Task to complete
Word for word, retype the tail of the data below, starting with the line that has "cover by kind: shrubs" and including the last line.

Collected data
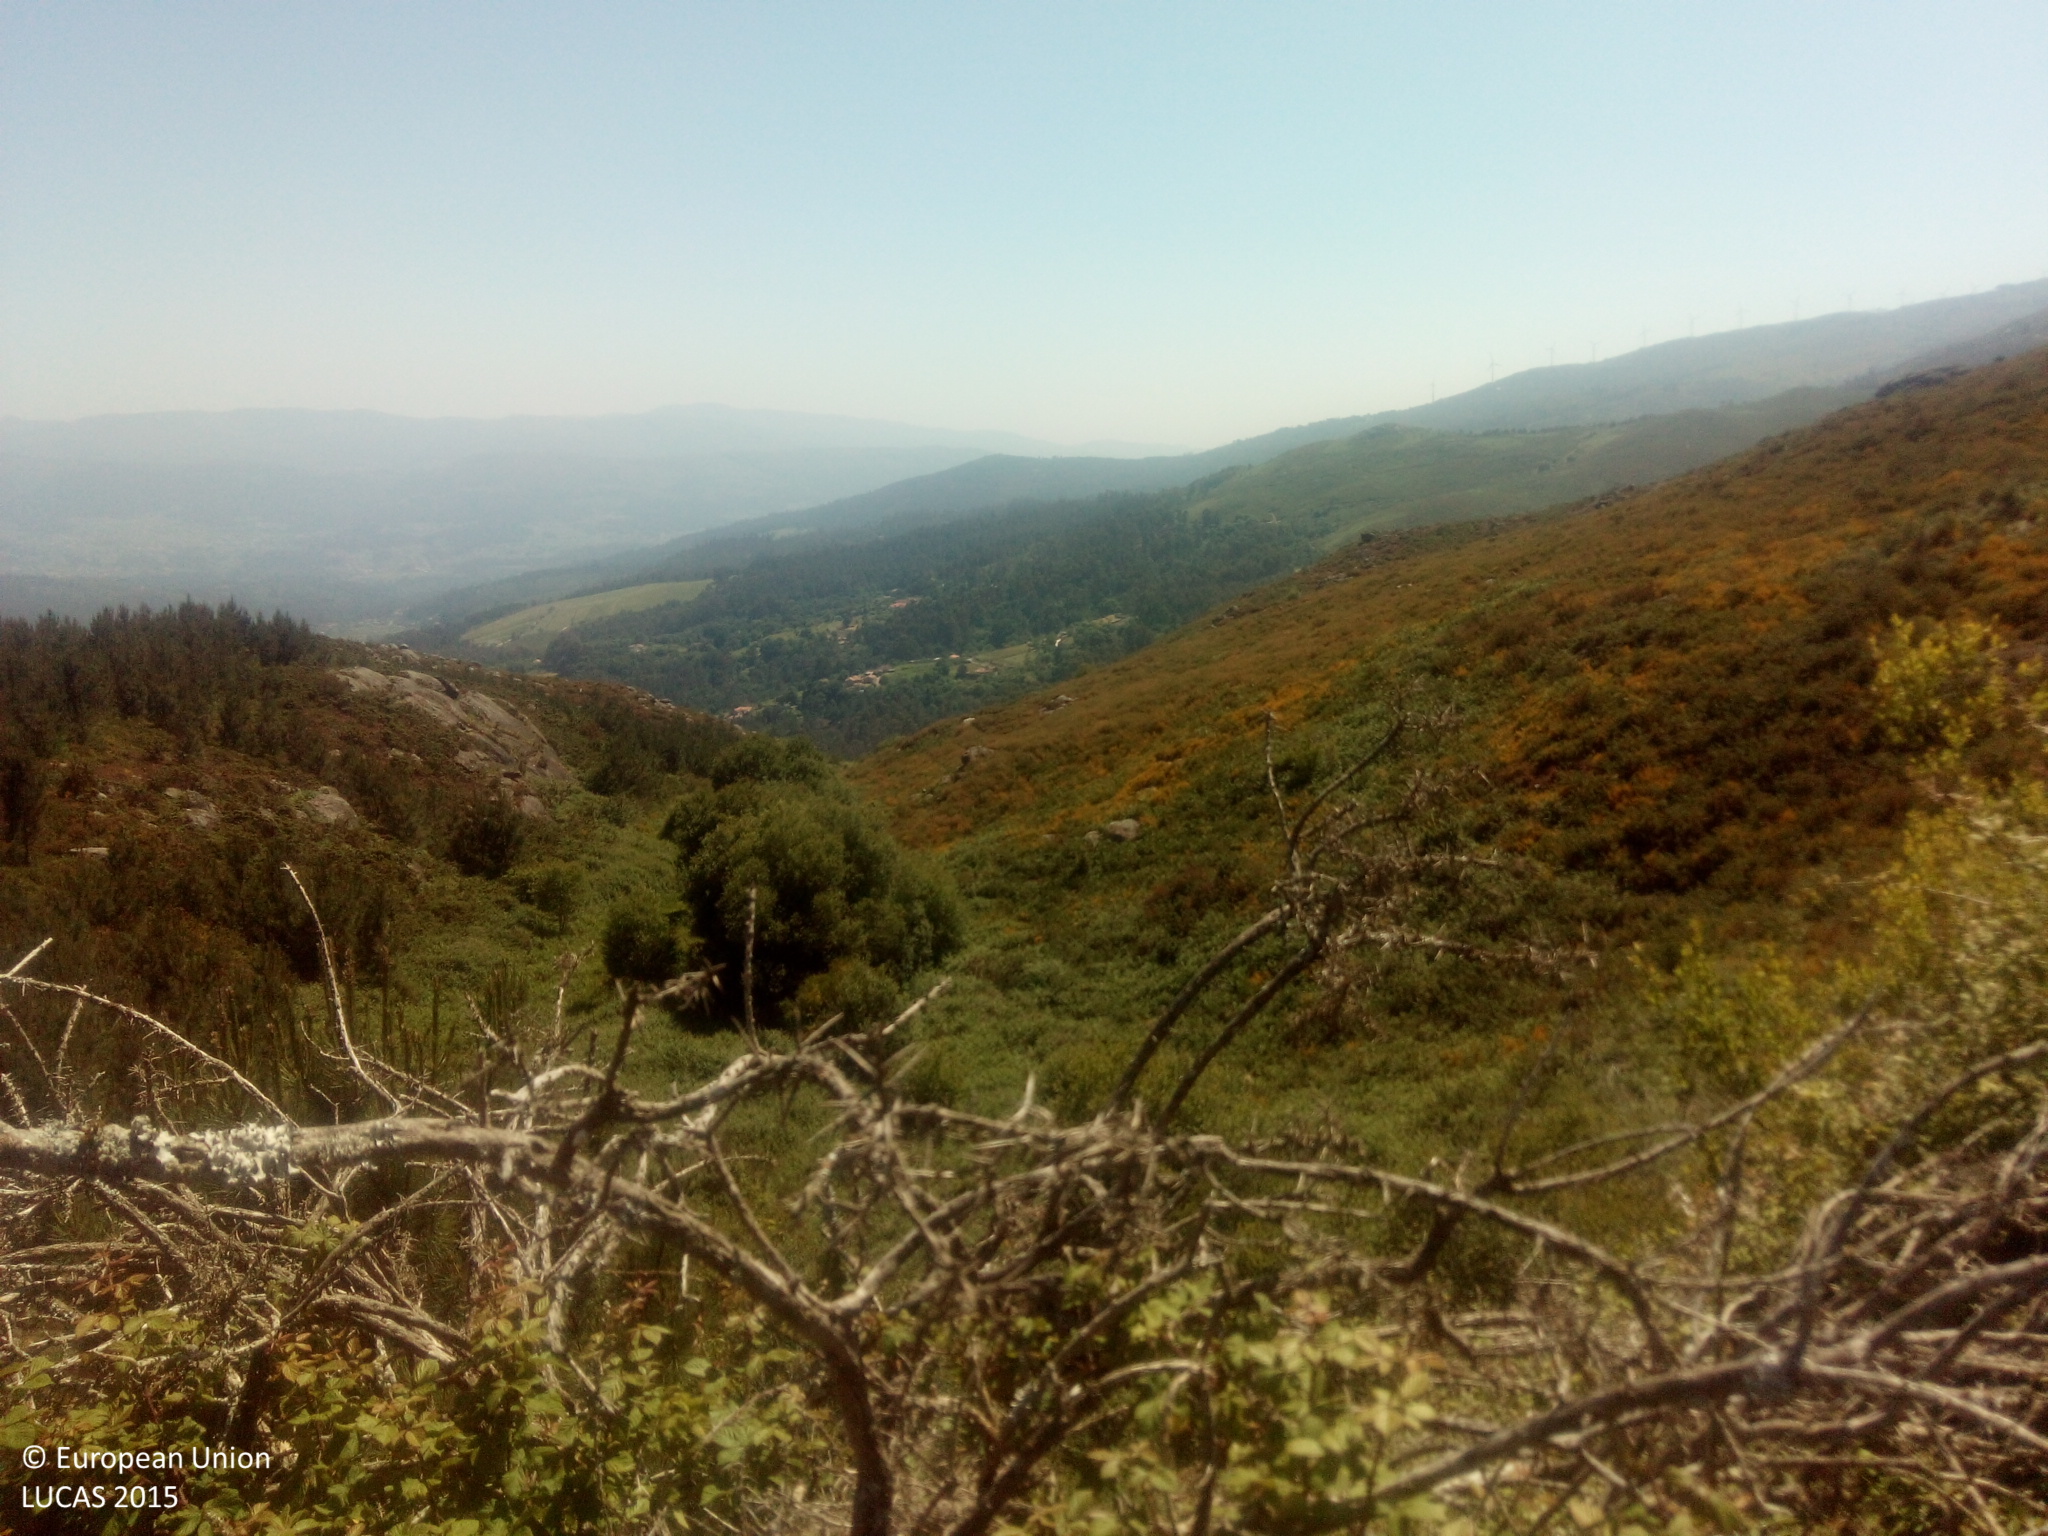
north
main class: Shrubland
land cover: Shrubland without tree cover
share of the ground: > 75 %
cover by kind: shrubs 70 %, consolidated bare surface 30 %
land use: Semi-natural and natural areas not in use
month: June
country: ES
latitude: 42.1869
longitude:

Exercise solution
cover by kind: shrubs 70 %, consolidated bare surface 30 %
land use: Semi-natural and natural areas not in use
month: June
country: ES
latitude: 42.1869
longitude:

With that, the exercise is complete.